━━━━━ PROVIDED RECORDS

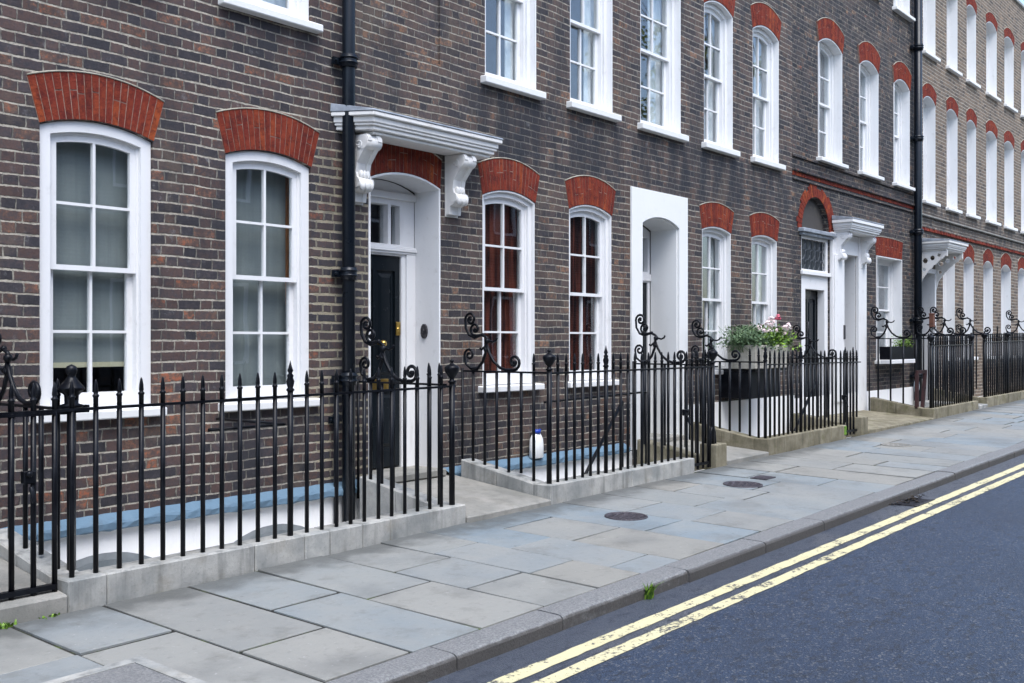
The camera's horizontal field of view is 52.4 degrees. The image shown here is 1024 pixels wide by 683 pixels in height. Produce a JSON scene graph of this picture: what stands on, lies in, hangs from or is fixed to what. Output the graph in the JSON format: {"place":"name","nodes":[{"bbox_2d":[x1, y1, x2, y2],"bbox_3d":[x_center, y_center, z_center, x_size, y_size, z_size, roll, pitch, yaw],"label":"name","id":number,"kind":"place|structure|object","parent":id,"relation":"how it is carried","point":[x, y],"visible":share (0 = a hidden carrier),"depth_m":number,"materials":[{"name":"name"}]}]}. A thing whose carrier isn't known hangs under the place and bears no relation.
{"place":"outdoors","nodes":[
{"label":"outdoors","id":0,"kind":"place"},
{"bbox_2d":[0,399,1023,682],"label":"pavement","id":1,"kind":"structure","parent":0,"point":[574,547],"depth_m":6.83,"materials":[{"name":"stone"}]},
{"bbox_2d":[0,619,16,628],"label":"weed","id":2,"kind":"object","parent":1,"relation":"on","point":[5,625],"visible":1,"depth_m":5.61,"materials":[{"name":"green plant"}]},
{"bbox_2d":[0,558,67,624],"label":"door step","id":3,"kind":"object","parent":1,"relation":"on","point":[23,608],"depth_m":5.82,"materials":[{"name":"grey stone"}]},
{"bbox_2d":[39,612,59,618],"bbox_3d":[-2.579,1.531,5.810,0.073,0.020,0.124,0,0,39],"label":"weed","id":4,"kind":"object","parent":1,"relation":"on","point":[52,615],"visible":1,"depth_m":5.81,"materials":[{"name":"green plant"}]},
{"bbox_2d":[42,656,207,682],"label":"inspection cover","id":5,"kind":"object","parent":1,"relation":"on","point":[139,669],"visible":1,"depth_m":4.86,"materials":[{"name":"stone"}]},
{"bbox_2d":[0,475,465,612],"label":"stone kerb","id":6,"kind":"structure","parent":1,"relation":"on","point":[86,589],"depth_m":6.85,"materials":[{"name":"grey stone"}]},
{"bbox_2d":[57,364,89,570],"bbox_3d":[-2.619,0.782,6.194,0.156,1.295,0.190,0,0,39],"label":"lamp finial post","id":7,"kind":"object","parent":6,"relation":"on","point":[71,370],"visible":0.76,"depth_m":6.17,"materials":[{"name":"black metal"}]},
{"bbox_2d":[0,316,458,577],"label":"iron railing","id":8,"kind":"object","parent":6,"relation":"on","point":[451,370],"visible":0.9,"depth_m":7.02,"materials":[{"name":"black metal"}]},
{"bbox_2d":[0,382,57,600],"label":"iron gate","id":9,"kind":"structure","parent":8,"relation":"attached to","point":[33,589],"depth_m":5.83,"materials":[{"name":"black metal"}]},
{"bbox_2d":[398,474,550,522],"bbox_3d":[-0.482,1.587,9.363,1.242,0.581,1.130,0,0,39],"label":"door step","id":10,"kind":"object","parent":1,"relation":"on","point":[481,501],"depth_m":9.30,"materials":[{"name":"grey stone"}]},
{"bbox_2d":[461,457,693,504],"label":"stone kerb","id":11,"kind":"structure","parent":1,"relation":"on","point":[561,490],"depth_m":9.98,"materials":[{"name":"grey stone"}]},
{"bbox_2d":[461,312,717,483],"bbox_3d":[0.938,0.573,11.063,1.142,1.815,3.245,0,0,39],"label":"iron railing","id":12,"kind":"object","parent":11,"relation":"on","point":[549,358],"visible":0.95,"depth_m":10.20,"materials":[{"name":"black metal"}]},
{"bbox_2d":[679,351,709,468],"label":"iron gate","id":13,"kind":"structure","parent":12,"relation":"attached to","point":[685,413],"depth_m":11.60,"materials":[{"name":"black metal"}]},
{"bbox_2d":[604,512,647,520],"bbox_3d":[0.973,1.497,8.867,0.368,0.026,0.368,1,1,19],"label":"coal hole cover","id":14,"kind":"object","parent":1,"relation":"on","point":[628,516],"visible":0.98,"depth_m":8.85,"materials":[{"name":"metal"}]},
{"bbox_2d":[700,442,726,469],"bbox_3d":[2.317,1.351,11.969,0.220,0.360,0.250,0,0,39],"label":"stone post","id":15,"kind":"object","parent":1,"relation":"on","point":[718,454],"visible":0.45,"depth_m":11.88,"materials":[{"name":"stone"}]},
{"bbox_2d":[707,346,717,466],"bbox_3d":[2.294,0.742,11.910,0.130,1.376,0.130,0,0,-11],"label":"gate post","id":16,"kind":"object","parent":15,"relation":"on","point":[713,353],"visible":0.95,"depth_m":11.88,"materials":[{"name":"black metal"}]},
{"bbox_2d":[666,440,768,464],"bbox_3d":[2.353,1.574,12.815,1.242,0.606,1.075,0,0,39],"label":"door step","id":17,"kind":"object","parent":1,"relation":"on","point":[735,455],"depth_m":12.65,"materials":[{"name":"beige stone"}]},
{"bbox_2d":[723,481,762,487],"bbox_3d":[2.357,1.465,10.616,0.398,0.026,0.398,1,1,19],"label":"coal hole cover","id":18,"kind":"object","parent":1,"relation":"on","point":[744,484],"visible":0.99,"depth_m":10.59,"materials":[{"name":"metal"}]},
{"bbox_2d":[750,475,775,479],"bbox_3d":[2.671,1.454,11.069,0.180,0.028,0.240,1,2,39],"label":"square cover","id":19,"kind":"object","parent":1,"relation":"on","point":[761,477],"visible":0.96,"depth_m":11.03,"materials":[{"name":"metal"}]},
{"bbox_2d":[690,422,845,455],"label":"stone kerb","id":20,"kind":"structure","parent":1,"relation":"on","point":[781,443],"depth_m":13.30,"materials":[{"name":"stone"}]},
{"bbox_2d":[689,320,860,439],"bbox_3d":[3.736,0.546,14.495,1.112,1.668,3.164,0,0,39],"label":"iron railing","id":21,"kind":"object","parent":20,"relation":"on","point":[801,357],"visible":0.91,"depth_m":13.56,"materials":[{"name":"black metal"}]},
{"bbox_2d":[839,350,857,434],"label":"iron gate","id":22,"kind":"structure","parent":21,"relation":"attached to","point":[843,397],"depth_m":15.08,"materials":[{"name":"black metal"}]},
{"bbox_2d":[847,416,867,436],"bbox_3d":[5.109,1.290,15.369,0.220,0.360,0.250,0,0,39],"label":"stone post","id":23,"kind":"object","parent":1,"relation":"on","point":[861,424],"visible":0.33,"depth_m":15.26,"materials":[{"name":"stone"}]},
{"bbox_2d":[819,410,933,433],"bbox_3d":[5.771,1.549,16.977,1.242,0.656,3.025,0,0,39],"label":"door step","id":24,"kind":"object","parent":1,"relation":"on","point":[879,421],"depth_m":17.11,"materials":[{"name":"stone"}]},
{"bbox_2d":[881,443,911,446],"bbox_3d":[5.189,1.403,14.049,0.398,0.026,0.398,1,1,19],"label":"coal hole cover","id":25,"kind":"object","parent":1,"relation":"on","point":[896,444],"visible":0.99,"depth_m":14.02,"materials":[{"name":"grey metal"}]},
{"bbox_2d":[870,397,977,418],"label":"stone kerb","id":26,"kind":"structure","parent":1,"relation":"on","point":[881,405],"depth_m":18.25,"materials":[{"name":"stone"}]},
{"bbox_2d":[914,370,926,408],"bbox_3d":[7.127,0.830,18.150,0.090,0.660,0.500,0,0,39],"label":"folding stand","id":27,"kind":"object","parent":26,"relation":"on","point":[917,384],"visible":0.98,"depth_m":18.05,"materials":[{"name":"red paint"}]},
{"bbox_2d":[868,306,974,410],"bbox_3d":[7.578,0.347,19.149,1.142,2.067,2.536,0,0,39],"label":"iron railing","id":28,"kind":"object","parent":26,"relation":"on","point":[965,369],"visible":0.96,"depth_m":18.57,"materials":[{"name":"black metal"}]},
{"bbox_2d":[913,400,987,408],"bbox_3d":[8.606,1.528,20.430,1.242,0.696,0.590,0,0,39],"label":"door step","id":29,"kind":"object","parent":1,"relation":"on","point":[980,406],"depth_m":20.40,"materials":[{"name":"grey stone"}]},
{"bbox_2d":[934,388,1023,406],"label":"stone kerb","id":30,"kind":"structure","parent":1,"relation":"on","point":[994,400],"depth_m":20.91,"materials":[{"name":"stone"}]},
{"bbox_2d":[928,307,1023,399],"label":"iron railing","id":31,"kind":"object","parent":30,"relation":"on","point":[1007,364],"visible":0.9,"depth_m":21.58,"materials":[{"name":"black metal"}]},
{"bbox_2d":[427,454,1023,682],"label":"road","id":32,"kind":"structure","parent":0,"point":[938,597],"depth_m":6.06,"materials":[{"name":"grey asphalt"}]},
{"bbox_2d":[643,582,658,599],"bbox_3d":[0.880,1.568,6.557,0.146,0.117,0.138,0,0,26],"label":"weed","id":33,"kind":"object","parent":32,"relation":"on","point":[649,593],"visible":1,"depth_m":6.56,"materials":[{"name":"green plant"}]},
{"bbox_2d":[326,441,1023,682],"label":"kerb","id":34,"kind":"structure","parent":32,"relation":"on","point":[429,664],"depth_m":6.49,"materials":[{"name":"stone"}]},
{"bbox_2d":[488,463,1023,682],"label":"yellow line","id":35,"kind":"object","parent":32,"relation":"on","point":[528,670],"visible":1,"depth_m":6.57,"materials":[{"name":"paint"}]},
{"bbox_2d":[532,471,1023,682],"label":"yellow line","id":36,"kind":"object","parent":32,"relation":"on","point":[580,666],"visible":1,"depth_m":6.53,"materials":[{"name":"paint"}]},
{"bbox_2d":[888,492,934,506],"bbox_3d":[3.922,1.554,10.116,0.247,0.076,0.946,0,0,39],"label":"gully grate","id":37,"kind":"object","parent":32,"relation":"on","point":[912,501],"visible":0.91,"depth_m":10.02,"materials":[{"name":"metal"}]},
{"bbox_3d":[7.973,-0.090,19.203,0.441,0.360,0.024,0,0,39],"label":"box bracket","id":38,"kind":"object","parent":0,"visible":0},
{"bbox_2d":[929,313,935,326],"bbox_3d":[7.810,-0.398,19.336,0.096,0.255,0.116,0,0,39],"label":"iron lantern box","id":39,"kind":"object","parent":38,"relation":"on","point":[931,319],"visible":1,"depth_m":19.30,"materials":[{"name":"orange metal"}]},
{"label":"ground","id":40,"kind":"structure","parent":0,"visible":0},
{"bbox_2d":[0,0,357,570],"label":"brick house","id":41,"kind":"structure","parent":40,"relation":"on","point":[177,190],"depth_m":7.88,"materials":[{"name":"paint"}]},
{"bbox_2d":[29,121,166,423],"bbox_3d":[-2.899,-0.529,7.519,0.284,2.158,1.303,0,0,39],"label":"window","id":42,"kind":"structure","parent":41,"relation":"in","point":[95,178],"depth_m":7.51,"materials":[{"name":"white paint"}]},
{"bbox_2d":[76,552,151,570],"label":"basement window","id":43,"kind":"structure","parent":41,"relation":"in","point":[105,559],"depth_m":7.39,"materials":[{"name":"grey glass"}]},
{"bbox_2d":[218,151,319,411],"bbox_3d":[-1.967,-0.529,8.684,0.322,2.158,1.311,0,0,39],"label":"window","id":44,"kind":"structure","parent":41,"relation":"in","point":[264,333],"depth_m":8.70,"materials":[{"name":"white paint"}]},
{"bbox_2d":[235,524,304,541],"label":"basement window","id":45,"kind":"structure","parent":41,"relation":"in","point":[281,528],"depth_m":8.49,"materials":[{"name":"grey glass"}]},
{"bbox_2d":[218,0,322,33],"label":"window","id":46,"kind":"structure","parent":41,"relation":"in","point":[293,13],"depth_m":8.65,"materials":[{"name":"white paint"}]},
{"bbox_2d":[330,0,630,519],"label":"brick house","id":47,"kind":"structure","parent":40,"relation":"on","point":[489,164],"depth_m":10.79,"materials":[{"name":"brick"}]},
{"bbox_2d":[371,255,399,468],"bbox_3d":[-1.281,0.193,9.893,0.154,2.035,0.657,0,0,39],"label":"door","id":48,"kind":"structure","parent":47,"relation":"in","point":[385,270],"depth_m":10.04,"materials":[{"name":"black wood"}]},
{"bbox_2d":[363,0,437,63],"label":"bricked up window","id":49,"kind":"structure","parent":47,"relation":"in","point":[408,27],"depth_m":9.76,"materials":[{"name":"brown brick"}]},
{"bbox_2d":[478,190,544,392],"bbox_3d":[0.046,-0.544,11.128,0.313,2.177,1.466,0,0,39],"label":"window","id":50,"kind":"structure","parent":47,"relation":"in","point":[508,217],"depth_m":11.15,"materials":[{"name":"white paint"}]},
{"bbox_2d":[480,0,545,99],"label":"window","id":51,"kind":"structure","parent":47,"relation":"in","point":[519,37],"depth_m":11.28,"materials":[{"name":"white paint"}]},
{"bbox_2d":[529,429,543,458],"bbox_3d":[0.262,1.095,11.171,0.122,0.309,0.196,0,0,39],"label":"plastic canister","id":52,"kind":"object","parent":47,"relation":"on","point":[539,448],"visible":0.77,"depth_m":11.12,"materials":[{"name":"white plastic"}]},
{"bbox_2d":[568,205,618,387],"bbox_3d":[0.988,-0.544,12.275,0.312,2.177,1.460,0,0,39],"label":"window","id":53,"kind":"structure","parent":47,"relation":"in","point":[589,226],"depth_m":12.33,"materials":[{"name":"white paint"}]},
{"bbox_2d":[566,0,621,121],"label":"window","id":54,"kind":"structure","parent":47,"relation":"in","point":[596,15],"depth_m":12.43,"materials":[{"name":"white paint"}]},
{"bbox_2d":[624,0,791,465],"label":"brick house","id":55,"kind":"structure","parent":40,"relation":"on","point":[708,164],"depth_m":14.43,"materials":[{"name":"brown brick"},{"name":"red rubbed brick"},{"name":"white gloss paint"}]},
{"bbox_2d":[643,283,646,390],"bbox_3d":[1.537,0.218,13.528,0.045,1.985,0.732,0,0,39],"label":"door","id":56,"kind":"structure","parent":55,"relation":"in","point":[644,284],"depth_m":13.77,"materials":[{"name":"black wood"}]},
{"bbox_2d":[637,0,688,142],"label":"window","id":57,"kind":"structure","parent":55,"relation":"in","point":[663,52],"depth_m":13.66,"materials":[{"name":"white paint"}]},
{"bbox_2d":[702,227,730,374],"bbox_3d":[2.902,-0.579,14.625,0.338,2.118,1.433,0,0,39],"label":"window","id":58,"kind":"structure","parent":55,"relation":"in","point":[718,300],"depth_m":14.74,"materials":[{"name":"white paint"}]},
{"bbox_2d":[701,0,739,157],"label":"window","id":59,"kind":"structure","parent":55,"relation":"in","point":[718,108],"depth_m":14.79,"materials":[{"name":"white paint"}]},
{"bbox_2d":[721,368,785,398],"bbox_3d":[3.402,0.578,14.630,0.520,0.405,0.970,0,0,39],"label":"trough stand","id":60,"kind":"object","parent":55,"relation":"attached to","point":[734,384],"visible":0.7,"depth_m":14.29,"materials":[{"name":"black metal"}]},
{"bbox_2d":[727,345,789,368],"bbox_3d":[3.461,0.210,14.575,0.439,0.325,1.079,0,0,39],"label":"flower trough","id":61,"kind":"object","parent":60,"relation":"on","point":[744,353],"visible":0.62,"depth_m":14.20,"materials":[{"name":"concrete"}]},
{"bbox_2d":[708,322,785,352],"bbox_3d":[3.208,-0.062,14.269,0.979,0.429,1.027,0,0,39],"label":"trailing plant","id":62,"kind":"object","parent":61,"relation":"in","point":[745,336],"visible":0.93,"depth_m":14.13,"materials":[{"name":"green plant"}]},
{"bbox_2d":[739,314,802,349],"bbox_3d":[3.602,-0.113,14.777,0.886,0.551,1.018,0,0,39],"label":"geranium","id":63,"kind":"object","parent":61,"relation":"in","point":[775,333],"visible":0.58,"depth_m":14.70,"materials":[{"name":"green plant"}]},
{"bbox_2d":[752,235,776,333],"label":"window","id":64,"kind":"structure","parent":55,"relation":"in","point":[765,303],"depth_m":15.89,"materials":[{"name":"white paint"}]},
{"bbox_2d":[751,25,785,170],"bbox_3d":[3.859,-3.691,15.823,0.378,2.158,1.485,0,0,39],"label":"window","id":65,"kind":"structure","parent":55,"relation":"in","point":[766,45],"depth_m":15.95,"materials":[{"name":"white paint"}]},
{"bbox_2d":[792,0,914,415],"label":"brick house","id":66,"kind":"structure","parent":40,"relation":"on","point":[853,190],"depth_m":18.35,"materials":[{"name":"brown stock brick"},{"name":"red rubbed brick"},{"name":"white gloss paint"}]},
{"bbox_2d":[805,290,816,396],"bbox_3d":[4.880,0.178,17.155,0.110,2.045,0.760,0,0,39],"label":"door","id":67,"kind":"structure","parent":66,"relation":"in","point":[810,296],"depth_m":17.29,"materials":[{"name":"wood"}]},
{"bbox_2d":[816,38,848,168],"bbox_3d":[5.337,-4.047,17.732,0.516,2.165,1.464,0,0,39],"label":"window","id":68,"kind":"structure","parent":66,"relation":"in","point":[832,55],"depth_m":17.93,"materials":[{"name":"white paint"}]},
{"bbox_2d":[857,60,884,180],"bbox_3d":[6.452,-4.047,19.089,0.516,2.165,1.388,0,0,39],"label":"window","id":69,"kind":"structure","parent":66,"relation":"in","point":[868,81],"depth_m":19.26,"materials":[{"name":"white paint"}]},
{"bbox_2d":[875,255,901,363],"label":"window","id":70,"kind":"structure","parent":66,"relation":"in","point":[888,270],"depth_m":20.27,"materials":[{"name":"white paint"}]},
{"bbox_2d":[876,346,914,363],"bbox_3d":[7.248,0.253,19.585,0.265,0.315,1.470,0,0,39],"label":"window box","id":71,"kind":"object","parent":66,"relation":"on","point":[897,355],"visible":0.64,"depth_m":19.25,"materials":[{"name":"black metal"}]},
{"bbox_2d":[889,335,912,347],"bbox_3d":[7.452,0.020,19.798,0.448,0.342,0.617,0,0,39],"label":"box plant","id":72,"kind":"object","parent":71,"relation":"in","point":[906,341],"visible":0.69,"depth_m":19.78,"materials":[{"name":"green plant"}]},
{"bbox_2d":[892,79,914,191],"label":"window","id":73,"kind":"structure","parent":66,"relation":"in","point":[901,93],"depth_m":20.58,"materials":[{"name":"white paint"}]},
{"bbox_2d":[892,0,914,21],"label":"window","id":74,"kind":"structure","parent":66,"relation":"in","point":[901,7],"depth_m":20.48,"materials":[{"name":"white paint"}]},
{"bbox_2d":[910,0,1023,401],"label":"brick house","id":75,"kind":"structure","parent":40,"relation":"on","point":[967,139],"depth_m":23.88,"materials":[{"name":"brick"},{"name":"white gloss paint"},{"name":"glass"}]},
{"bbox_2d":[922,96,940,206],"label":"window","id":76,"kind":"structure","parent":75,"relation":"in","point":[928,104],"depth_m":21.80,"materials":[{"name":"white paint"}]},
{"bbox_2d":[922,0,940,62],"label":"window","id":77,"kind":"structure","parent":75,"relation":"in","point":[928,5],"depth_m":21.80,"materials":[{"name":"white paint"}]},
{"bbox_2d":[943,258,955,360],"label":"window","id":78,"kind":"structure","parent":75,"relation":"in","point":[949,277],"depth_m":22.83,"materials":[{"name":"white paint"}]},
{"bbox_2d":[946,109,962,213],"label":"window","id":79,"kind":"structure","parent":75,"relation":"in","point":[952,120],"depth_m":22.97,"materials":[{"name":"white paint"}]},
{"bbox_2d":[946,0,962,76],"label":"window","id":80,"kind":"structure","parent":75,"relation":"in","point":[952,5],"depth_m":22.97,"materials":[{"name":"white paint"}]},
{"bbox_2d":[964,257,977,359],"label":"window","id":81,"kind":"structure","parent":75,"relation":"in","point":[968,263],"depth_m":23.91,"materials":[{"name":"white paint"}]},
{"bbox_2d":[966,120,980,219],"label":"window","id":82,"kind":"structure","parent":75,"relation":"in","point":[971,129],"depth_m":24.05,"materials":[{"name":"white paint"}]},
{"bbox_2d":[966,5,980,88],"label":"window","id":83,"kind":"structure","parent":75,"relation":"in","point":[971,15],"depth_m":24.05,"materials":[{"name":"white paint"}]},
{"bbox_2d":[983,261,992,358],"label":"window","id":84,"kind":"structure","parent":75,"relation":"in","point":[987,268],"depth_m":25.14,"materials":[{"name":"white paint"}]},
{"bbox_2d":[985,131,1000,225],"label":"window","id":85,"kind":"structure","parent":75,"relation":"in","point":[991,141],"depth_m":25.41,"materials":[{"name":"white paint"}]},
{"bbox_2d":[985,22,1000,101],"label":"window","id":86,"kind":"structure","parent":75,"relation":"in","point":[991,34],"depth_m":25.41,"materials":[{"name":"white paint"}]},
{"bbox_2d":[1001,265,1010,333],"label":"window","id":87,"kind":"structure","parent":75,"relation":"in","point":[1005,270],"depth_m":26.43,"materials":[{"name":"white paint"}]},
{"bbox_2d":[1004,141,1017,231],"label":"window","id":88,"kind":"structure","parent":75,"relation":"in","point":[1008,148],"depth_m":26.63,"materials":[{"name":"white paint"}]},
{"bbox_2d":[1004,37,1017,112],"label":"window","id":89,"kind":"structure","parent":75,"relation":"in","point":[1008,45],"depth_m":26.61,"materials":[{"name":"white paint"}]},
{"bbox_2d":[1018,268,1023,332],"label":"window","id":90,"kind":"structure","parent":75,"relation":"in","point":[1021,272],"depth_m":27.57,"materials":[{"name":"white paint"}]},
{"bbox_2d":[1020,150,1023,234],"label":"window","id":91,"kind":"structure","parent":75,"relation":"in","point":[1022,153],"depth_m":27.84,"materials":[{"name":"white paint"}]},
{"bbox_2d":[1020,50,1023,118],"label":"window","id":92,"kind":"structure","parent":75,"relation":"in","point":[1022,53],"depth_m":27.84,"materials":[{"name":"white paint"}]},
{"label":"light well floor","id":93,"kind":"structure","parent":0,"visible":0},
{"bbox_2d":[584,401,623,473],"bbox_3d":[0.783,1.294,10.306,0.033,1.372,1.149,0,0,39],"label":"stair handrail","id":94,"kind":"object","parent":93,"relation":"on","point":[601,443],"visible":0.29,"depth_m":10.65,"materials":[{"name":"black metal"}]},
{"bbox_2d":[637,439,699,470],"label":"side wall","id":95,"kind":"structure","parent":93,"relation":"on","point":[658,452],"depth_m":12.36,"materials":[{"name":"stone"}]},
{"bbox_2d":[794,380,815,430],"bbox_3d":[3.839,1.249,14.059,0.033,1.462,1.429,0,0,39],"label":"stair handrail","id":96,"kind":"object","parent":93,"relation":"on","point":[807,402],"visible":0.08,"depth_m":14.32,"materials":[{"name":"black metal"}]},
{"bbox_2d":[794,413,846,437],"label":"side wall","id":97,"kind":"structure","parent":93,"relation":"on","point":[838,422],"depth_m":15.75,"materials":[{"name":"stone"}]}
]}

━━━━━━━━━━

List each line of the entries that holds the string "rubbed".

{"bbox_2d":[624,0,791,465],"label":"brick house","id":55,"kind":"structure","parent":40,"relation":"on","point":[708,164],"depth_m":14.43,"materials":[{"name":"brown brick"},{"name":"red rubbed brick"},{"name":"white gloss paint"}]},
{"bbox_2d":[792,0,914,415],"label":"brick house","id":66,"kind":"structure","parent":40,"relation":"on","point":[853,190],"depth_m":18.35,"materials":[{"name":"brown stock brick"},{"name":"red rubbed brick"},{"name":"white gloss paint"}]},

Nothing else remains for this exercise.